Moreover, in Table 2, since the fatigue limit is 200 or less in steel K-1, K-2 whose component is outside the present invention, it is out of the present invention.

  The steel sheet obtained by the present invention is particularly suitable for automobile chassis and suspension parts, and is particularly suitable for wheel disks. Since it has excellent formability such as stretch flangeability, the design freedom is increased and so-called high-design wheels are realized. It is excellent in corrosion resistance after painting, and because it has high strength, it is possible to reduce the plate thickness, contributing to the conservation of the global environment through weight reduction of the car body.

Claims (10)

In mass%
C: 0.015 or more and less than 0.040%,
Si: less than 0.05%,
Mn: 0.9 to 1.8%,
P: less than 0.02%,
S: less than 0.01%,
Al: less than 0.1%,
N: less than 0.006%,
Ti: 0.06 or more and less than 0.11%,
Including Ti / C = 2.5 or more and less than 3.5,
The balance is a hot-rolled steel sheet having a component composed of Fe and inevitable impurities,
The maximum tensile strength is 520 MPa or more and less than 720 MPa,
Aging index AI is over 15 MPa,
The product of hole expansion rate (λ)% and total elongation (El)% is 2350 or more,
A hot-rolled steel sheet excellent in fatigue characteristics and stretch flangeability, characterized by a fatigue limit of 200 MPa or more.

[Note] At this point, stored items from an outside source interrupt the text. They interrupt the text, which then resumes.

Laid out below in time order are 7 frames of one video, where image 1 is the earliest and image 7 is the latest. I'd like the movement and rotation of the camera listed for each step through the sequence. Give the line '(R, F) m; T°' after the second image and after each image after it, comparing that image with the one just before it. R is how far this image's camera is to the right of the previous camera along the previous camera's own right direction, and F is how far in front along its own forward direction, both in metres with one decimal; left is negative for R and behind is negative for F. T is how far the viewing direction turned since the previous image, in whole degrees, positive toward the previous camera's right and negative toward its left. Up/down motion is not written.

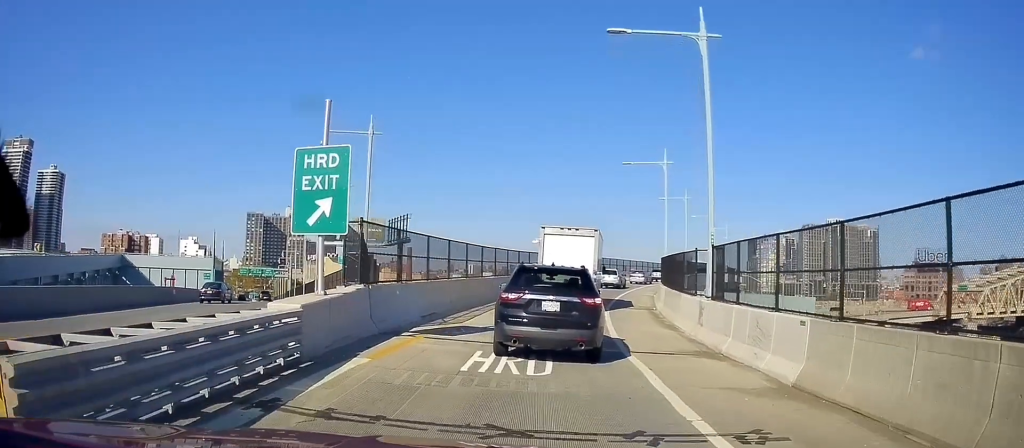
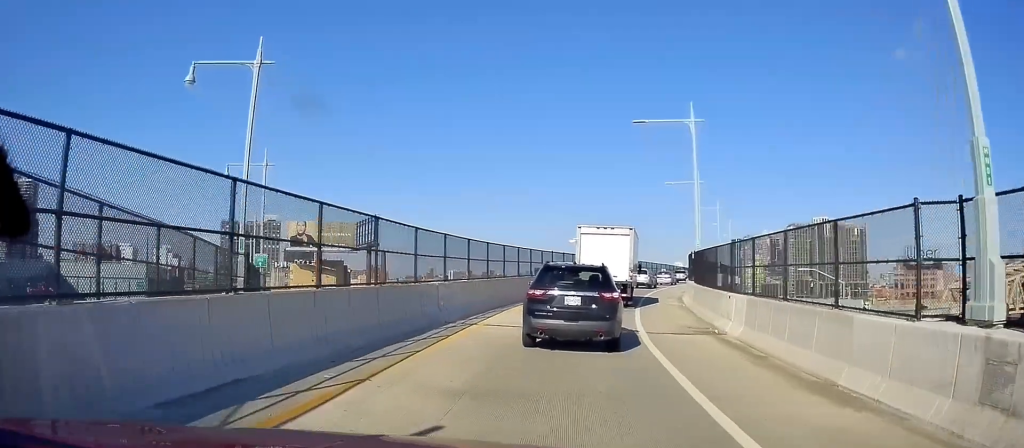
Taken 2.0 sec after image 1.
(+0.4, +12.8) m; +5°
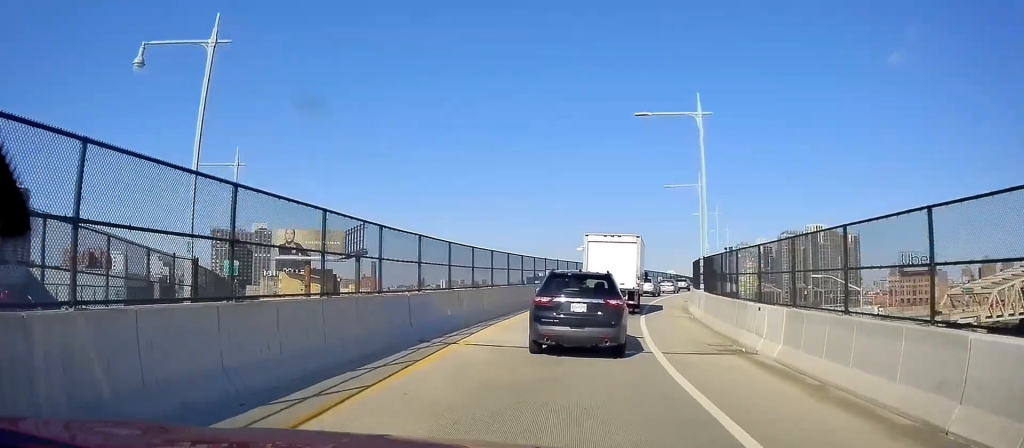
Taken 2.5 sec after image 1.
(+0.1, +2.9) m; +1°
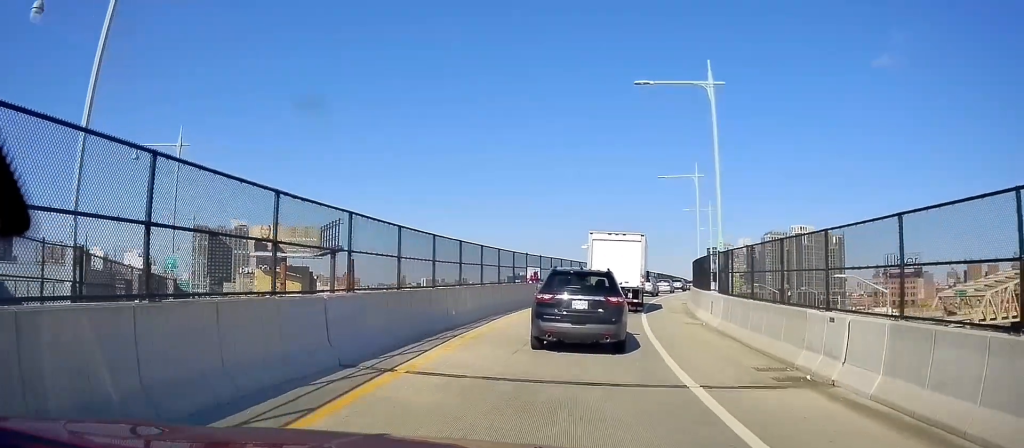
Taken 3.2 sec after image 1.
(0.0, +4.4) m; 0°
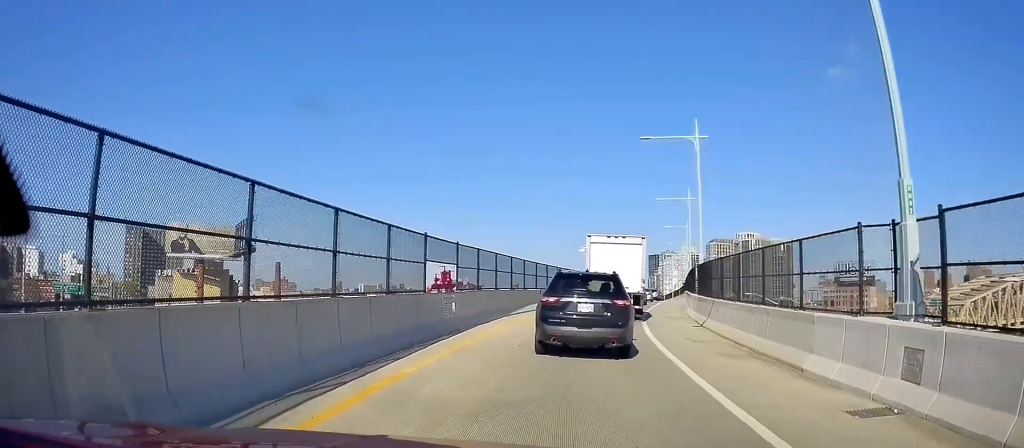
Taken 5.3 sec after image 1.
(+1.1, +14.4) m; +7°
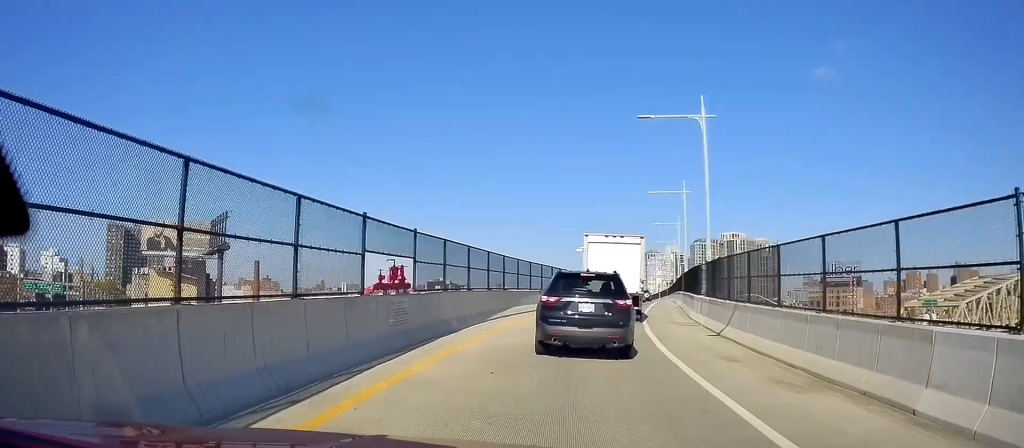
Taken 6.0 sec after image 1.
(-0.1, +4.5) m; +1°
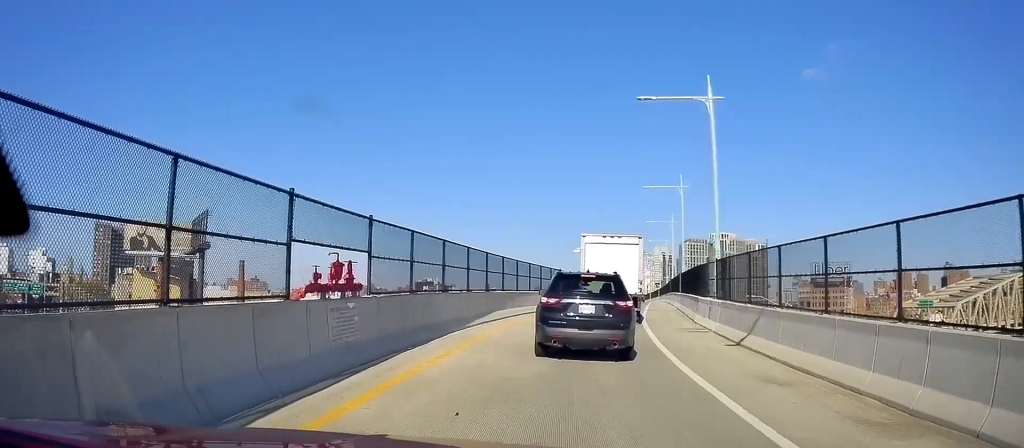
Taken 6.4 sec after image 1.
(-0.2, +3.3) m; +1°

The hot-rolled steel sheet according to claim 1, further in mass%,
Nb: 0.001 or more and 0.04% or less,
B: 0.0001 to 0.004%,
Cu: 0.01 to 1.5%,
Ni: 0.01 to 0.8%,
Mo: 0.02 to 1.0%,
V: 0.001 to 0.2%,
Cr: 0.01 to 1.5%,
W: A hot-rolled steel sheet excellent in fatigue characteristics and stretch flangeability, characterized by containing one or more of 0.01 to 1.0%. The hot-rolled steel sheet according to any one of claims 1 and 2, further in mass%,
Ca: 0.0005 or more and 0.005% or less,
REM: 0.0005 or more and 0.05% or less,
A hot-rolled steel sheet excellent in fatigue characteristics and stretch flangeability, characterized by containing one or two of the above.   A hot-rolled steel sheet excellent in fatigue characteristics and stretch flangeability, wherein the hot-rolled steel sheet according to any one of claims 1 to 3 is plated.   When hot-rolling to obtain the hot-rolled steel sheet according to any one of claims 1 to 4, the steel slab having the components is heated to 1100 ° C or higher, and rough rolling is performed at a temperature of 1000 ° C or higher. After finishing finish rolling in the temperature range of 830 to 980 ° C., air cooling is performed for 0.5 seconds or more, and the temperature range of 750 to 600 ° C. is cooled at an average cooling rate in the range of 10 to 40 ° C./sec. A method for producing a hot-rolled steel sheet having excellent fatigue characteristics and stretch flangeability, characterized by winding at 560 ° C.   Fatigue property, characterized in that, during the hot rolling according to claim 5, the rough bar after rough rolling of the steel slab is heated until the start of finish rolling and / or during the finish rolling of the rough bar. And a method for producing hot-rolled steel sheets with excellent stretch flangeability.   In the hot rolling according to any one of claims 5 and 6, descaling is performed from the end of rough rolling to the start of finish rolling, and is excellent in fatigue characteristics and stretch flangeability A method for producing a hot-rolled steel sheet.   A method for producing a hot-rolled steel sheet having excellent fatigue characteristics and stretch flangeability, characterized by performing annealing at 780 ° C or lower after hot rolling according to any one of claims 5 to 7.   The hot-rolled steel sheet obtained after hot rolling according to any one of claims 5 to 7 is heated at 780 ° C or lower, and then immersed in a plating bath to plate the steel sheet surface. A method for producing hot-rolled steel sheets with excellent fatigue characteristics and stretch flangeability.   A method for producing a hot-rolled steel sheet having excellent fatigue characteristics and stretch flangeability, characterized in that after the plating, the alloying treatment is performed after the plating.